People, and society, are complex. Deal with it. Embrace it. Be proud that you’re part of a complex,, mysterious universe that invites you to exercise your curiosity as a scientist – and that often tells you to humble yourself because there is much that you still have to know, and much that you will never know.

Don’t claim that you know everything. The more you claim it, the less I believe you. The more you claim it, the less credible you are as a scientist. When you start believing that only you have valid knowledge, then you’re no different from a narrow-minded intellectual bigot who has no other person to talk to but the stranger in the mirror.

How would you like it, Lawyer, if you were told that you were stupid? I do not claim to have your knowledge of the law, but I do know that when people react the way that they did last night, they were not being stupid. They had a basis for being angry with GMA. They employed their own logic, and invoked their own values as they assessed whether or not she had a right to leave the country.

GMA became rich as she stood on the backs of the poor, as she sucked our coffers dry. She placed people in high, important positions to protect her self-interests. She posted her cash bond hours before her TRO was handed down. All her appointees to the Supreme Court voted in her favor. She was in a hurry to leave. She was offered another entrance at the airport so that she didn’t have to go through the media frenzy, but she still chose to go through the entrance and into the media storm. There might not be cases formally filed against her, but she was also allowed to leave even when there are oral arguments scheduled for next week.

Now, tell me: Am I being illogical when I think that her actions speak of someone who wants to leave the country for good?

Am I being over-emotional when I believe that she wanted to show off her neck brace and acting skills to elicit sympathy?

Am I being stupid when I see how a supposedly urgent departure and health case is paraded in a media storm – when the said case was given the option of a quiet entrance?

Do I lack objectivity when I think that GMA should stay in the country and get help from doctors here while her case is pending?

I can be objective. But I am not blind.

I am not discounting the importance of education or communication, nor am I discrediting scientific knowledge. I will be the first to say that we need to improve our educational system. I will be the first to advocate for better communication programs that are designed on the basis of good theory. I will be the first to say that if research is done well, then it might yield good, reliable results.

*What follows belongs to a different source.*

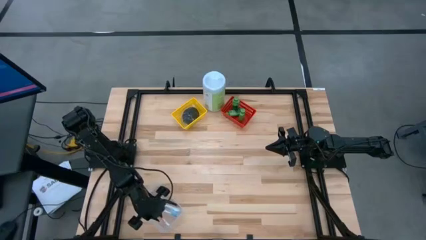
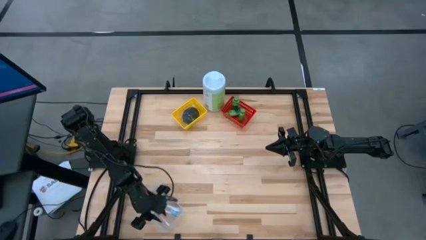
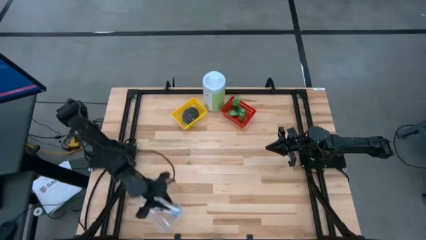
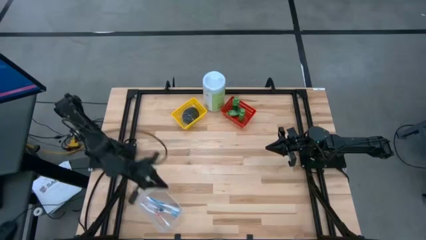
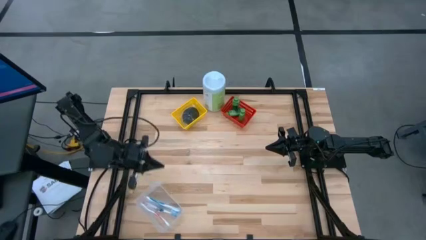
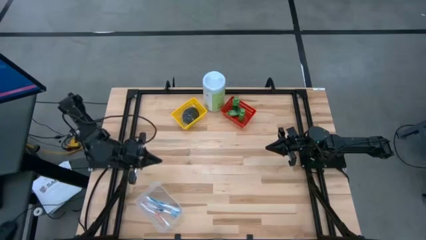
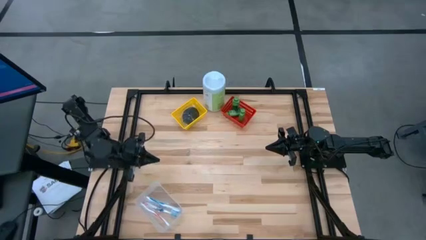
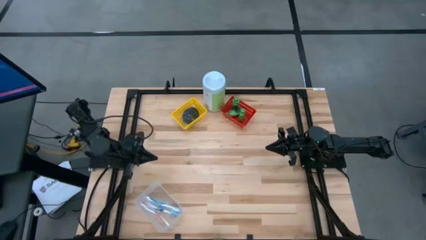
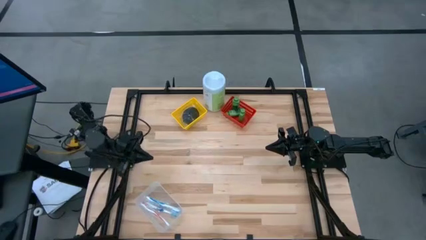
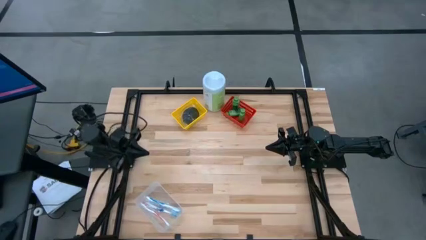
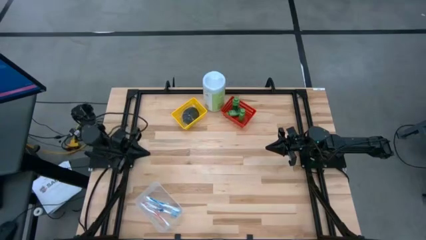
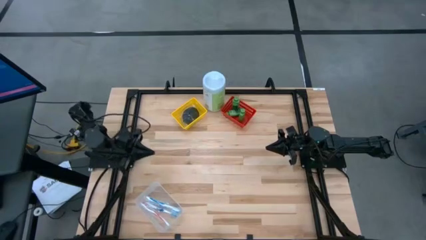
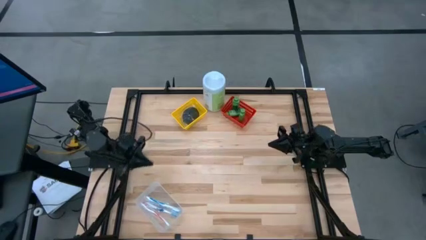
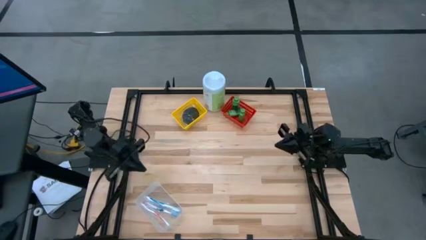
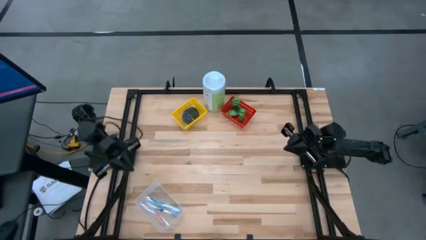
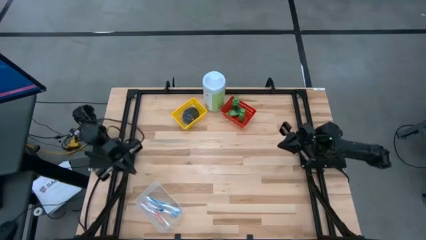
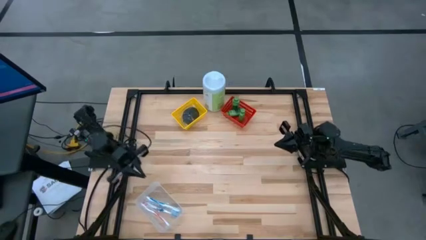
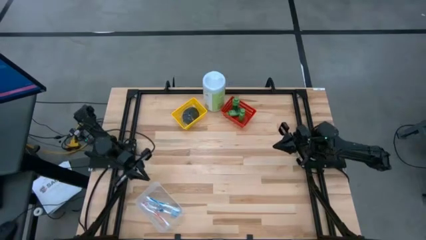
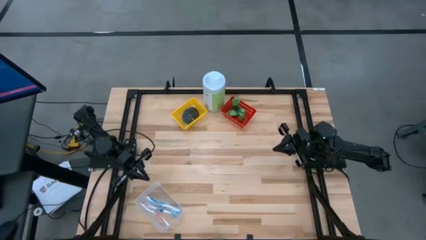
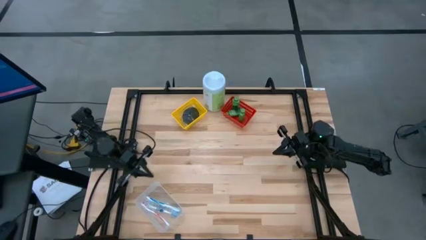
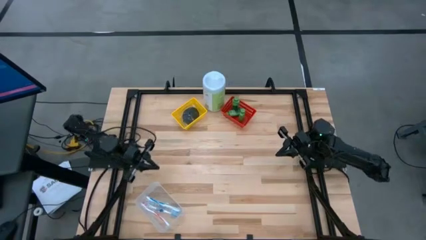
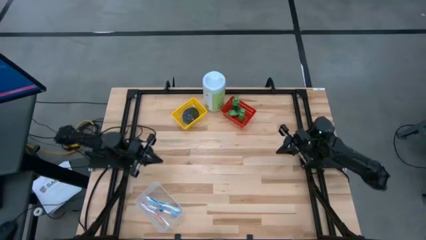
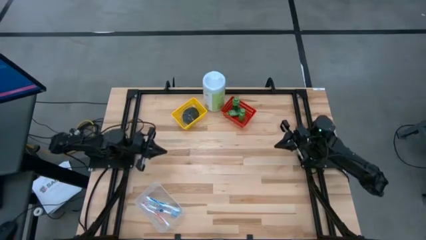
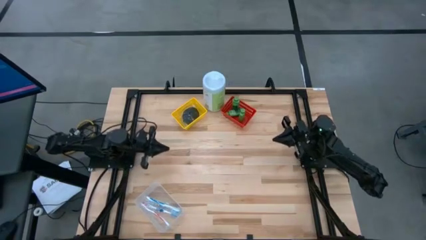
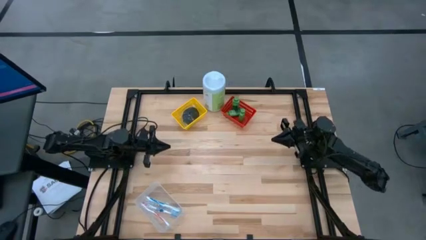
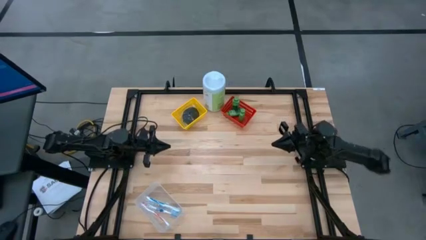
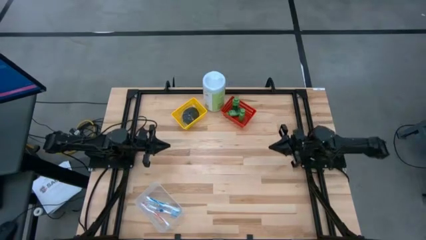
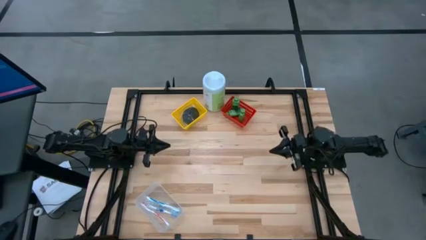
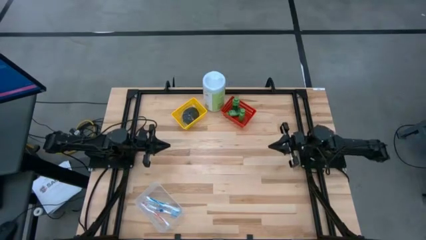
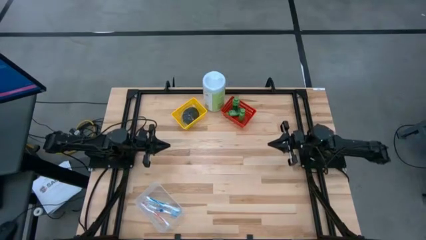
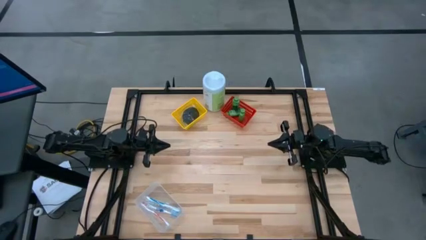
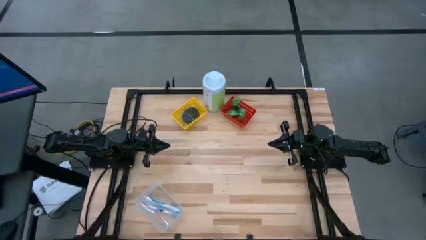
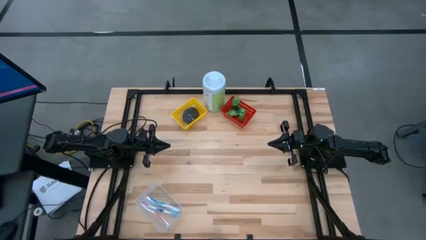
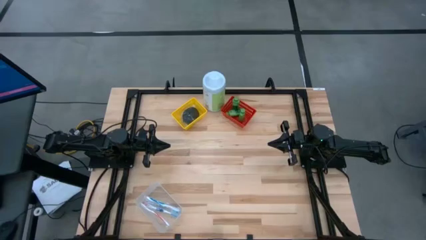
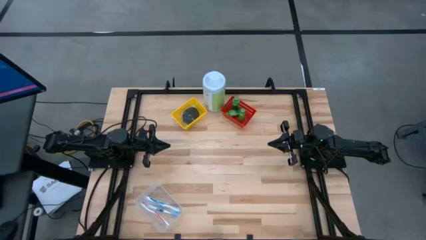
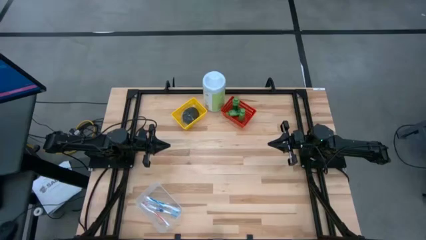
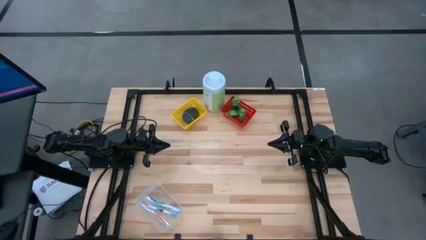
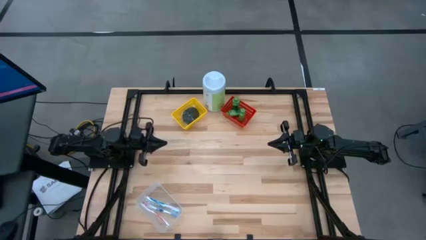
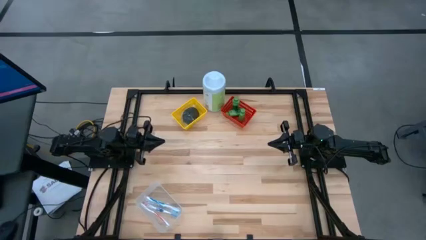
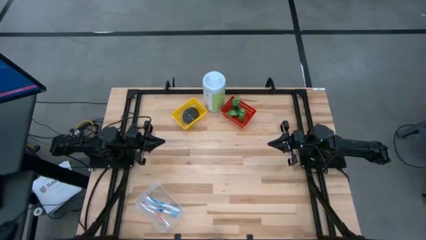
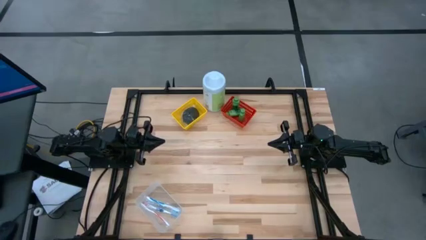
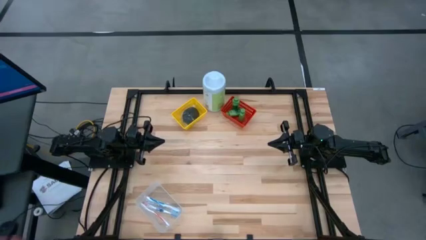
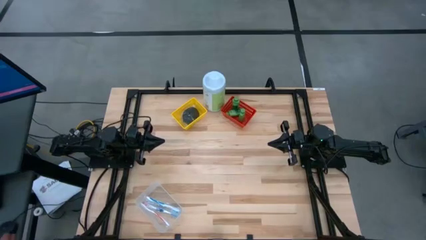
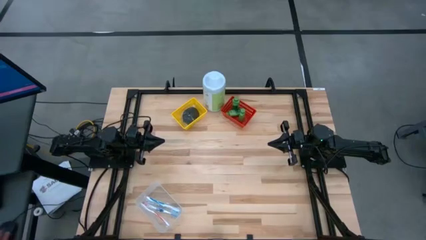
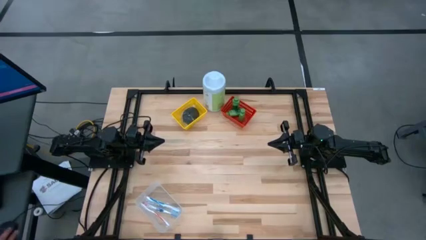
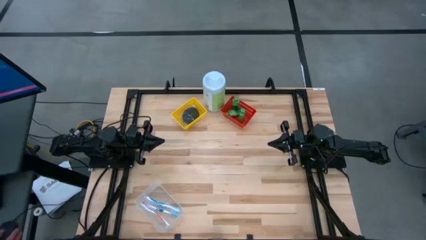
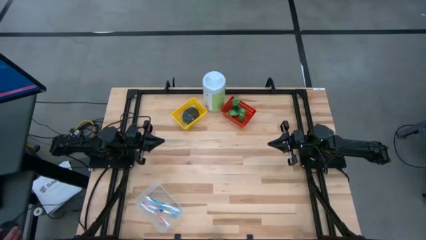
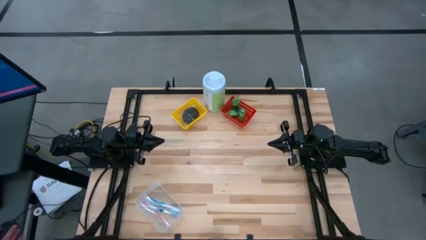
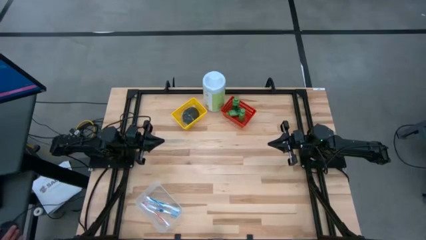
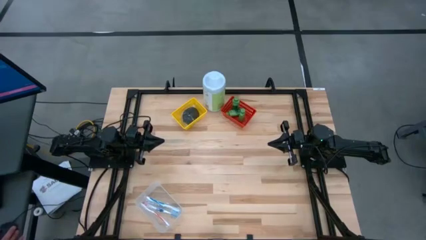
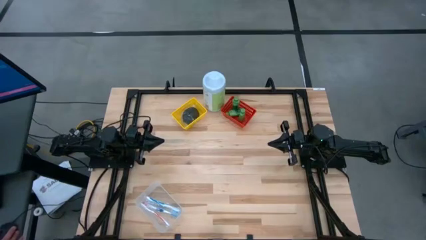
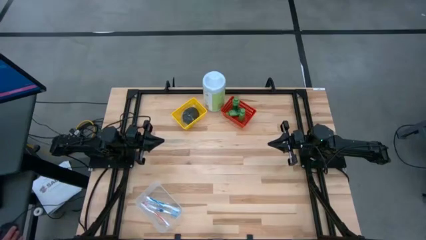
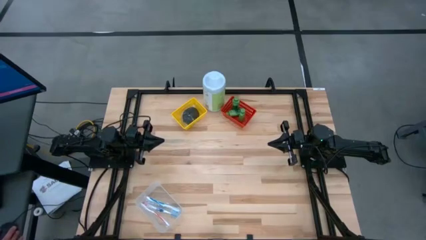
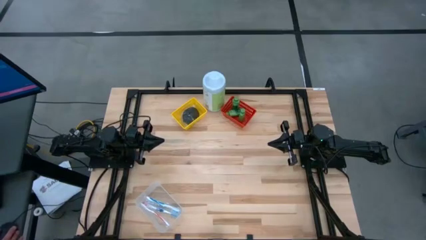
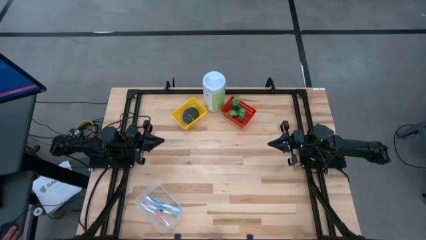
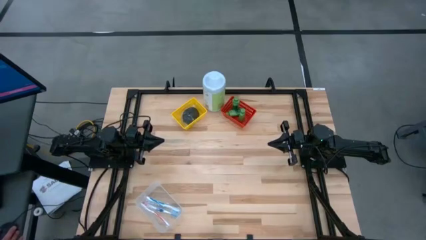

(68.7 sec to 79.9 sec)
Task: Pick & Place Travel size toiletries
Return to Home Position

But to simply think of knowledge as the single tool to educate or communicate? That’s naïve. That’s bullcrap.

That’s the sort of mentality that leaves our educational system and mass media in the dark ages. Education is not simply about force-feeding students with supposed facts. The media are not there to hold peoples’ heads underwater at the Font of Knowledge. The educational system and mass media have to operate beyond this knowledge-only basis. They need to strike a balance amongst factors such as culture, values, design, knowledge, and language, among many others.

I also recognize that simply handing people a vat of knowledge won’t make them intellectual drunkards. I know that simply communicating science won’t turn everyone into scientists. I have seen how supposedly smart scientists and communicators fail because they relied on knowledge and information to see them through. I have also seen supposedly savvy scientists and communicators fail because they put in bells and whistles that made knowledge pretty and palatable, but which were nothing in the face of the culture and values of their audience.

People have their own thoughts, beliefs, cultures, and values. I think we all need to respect them instead of knocking them down and attacking them with science, law, or any kind of knowledge. If you want to engage in social engineering, try your theories out on a society of bees or ants – but recognize and respect the complexity of people.

I’m not stupid, and neither are you. The only time you actually get to be called stupid is when you think you know everything.

The only time you actually get to be called stupid is when you start being blind.